**** Records supplied

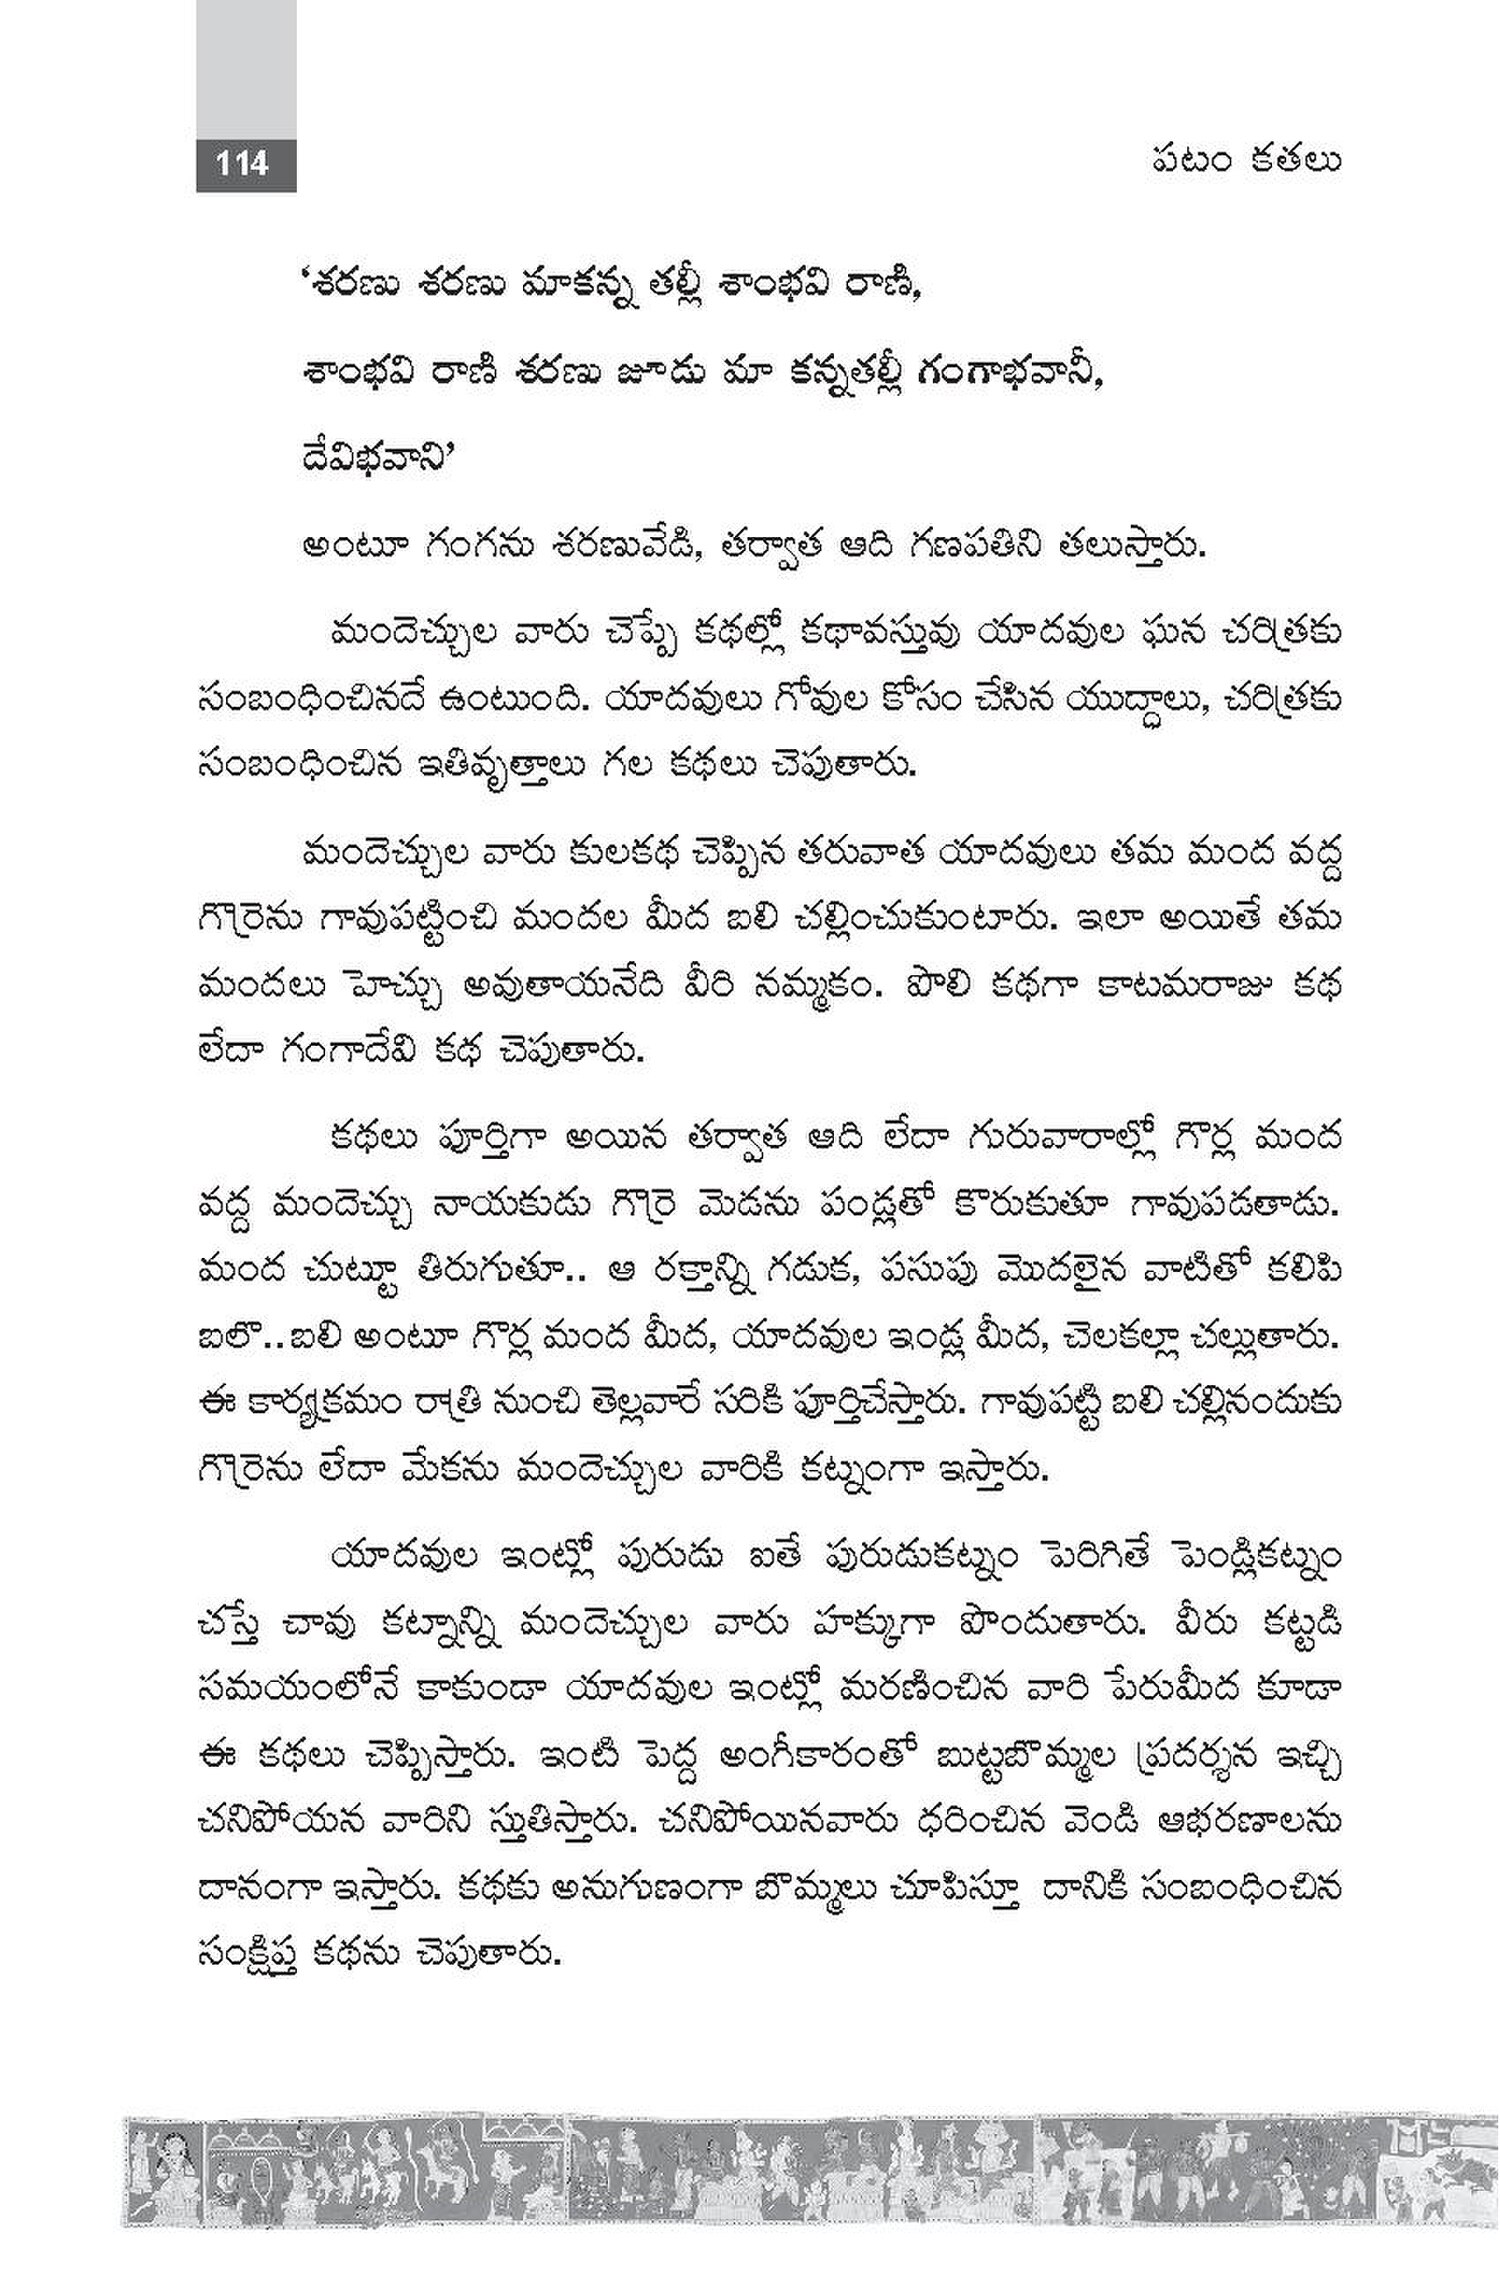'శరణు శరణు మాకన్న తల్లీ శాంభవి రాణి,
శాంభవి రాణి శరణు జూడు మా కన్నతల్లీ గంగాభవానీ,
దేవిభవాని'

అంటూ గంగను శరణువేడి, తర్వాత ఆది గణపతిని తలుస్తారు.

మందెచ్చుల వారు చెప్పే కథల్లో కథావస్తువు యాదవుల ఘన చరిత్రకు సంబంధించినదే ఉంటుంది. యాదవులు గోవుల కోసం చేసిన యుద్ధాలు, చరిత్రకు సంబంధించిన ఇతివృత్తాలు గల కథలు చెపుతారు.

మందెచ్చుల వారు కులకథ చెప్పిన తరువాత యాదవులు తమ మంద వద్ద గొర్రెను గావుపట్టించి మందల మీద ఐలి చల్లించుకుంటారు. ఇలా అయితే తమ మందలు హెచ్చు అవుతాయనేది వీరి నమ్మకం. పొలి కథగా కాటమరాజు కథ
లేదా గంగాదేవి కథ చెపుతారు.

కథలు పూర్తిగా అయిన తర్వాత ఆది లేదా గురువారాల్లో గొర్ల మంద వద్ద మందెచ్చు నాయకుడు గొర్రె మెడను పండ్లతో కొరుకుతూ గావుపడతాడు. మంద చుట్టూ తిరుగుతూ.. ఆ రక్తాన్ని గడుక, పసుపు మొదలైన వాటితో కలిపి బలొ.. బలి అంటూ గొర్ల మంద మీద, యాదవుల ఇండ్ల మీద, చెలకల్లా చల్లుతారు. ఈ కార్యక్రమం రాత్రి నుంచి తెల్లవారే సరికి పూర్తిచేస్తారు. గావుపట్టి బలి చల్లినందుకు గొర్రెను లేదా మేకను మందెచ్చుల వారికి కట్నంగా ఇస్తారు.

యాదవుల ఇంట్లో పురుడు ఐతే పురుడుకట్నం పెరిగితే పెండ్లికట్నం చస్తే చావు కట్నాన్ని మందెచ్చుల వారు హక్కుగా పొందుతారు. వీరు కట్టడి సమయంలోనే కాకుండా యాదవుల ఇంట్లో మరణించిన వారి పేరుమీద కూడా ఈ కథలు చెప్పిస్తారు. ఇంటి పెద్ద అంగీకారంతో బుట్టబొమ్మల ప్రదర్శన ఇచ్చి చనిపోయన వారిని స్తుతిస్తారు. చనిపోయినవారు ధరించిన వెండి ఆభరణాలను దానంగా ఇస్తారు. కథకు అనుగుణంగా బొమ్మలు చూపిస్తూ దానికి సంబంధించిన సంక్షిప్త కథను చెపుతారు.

********

» What is required:
The images in the entries above should be left out; please reproduce exactly the lines from the first through the one containing "లేదా గంగాదేవి కథ చెపుతారు.".

» Solution to the exercise:
'శరణు శరణు మాకన్న తల్లీ శాంభవి రాణి,
శాంభవి రాణి శరణు జూడు మా కన్నతల్లీ గంగాభవానీ,
దేవిభవాని'

అంటూ గంగను శరణువేడి, తర్వాత ఆది గణపతిని తలుస్తారు.

మందెచ్చుల వారు చెప్పే కథల్లో కథావస్తువు యాదవుల ఘన చరిత్రకు సంబంధించినదే ఉంటుంది. యాదవులు గోవుల కోసం చేసిన యుద్ధాలు, చరిత్రకు సంబంధించిన ఇతివృత్తాలు గల కథలు చెపుతారు.

మందెచ్చుల వారు కులకథ చెప్పిన తరువాత యాదవులు తమ మంద వద్ద గొర్రెను గావుపట్టించి మందల మీద ఐలి చల్లించుకుంటారు. ఇలా అయితే తమ మందలు హెచ్చు అవుతాయనేది వీరి నమ్మకం. పొలి కథగా కాటమరాజు కథ
లేదా గంగాదేవి కథ చెపుతారు.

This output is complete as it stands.